- _REQUIRED ACTION_: The entries that follow need to be retyped verbatim.

- _SUPPLIED MATERIAL_:
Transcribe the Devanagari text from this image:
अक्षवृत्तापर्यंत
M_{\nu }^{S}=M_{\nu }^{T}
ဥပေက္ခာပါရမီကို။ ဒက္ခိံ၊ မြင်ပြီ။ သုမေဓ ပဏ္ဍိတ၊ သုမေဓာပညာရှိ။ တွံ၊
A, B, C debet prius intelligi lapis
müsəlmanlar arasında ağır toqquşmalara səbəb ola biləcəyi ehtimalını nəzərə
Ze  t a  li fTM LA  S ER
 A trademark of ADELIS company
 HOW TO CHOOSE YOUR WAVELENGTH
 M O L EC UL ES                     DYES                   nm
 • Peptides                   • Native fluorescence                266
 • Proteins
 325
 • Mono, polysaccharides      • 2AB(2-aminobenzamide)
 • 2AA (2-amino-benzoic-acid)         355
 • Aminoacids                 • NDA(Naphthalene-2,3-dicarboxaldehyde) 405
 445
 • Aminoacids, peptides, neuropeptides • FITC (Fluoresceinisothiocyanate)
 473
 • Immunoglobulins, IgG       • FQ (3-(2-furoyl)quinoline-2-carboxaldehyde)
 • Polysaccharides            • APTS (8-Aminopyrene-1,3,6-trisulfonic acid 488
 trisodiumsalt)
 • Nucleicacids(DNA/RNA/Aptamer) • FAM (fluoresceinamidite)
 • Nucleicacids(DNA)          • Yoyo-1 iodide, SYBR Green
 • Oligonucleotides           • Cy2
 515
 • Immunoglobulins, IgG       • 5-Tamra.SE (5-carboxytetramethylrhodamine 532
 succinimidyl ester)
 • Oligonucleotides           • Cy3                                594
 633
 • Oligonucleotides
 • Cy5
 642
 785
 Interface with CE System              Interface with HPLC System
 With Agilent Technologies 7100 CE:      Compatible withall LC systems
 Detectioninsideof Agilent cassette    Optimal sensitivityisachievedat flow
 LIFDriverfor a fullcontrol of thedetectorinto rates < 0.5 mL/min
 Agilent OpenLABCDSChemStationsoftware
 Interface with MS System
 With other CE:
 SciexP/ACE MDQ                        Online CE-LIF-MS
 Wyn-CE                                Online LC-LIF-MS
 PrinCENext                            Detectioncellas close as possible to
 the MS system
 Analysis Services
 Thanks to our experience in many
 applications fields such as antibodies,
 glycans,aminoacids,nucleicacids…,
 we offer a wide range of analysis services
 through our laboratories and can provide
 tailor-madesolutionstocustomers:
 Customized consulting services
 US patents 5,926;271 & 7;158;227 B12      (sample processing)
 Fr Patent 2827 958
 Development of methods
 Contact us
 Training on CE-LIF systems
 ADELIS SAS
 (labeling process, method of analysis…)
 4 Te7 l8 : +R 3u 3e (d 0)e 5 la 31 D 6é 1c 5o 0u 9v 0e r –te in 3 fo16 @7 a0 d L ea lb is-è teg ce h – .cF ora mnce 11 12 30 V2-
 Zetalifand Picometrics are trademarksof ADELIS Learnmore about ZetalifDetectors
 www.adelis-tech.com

- _RESULT OF THIS TASK_:
Transcribe the Devanagari text from this image:
अक्षवृत्तापर्यंत
M_{\nu }^{S}=M_{\nu }^{T}
ဥပေက္ခာပါရမီကို။ ဒက္ခိံ၊ မြင်ပြီ။ သုမေဓ ပဏ္ဍိတ၊ သုမေဓာပညာရှိ။ တွံ၊
A, B, C debet prius intelligi lapis
müsəlmanlar arasında ağır toqquşmalara səbəb ola biləcəyi ehtimalını nəzərə
Ze  t a  li fTM LA  S ER
 A trademark of ADELIS company
 HOW TO CHOOSE YOUR WAVELENGTH
 M O L EC UL ES                     DYES                   nm
 • Peptides                   • Native fluorescence                266
 • Proteins
 325
 • Mono, polysaccharides      • 2AB(2-aminobenzamide)
 • 2AA (2-amino-benzoic-acid)         355
 • Aminoacids                 • NDA(Naphthalene-2,3-dicarboxaldehyde) 405
 445
 • Aminoacids, peptides, neuropeptides • FITC (Fluoresceinisothiocyanate)
 473
 • Immunoglobulins, IgG       • FQ (3-(2-furoyl)quinoline-2-carboxaldehyde)
 • Polysaccharides            • APTS (8-Aminopyrene-1,3,6-trisulfonic acid 488
 trisodiumsalt)
 • Nucleicacids(DNA/RNA/Aptamer) • FAM (fluoresceinamidite)
 • Nucleicacids(DNA)          • Yoyo-1 iodide, SYBR Green
 • Oligonucleotides           • Cy2
 515
 • Immunoglobulins, IgG       • 5-Tamra.SE (5-carboxytetramethylrhodamine 532
 succinimidyl ester)
 • Oligonucleotides           • Cy3                                594
 633
 • Oligonucleotides
 • Cy5
 642
 785
 Interface with CE System              Interface with HPLC System
 With Agilent Technologies 7100 CE:      Compatible withall LC systems
 Detectioninsideof Agilent cassette    Optimal sensitivityisachievedat flow
 LIFDriverfor a fullcontrol of thedetectorinto rates < 0.5 mL/min
 Agilent OpenLABCDSChemStationsoftware
 Interface with MS System
 With other CE:
 SciexP/ACE MDQ                        Online CE-LIF-MS
 Wyn-CE                                Online LC-LIF-MS
 PrinCENext                            Detectioncellas close as possible to
 the MS system
 Analysis Services
 Thanks to our experience in many
 applications fields such as antibodies,
 glycans,aminoacids,nucleicacids…,
 we offer a wide range of analysis services
 through our laboratories and can provide
 tailor-madesolutionstocustomers:
 Customized consulting services
 US patents 5,926;271 & 7;158;227 B12      (sample processing)
 Fr Patent 2827 958
 Development of methods
 Contact us
 Training on CE-LIF systems
 ADELIS SAS
 (labeling process, method of analysis…)
 4 Te7 l8 : +R 3u 3e (d 0)e 5 la 31 D 6é 1c 5o 0u 9v 0e r –te in 3 fo16 @7 a0 d L ea lb is-è teg ce h – .cF ora mnce 11 12 30 V2-
 Zetalifand Picometrics are trademarksof ADELIS Learnmore about ZetalifDetectors
 www.adelis-tech.com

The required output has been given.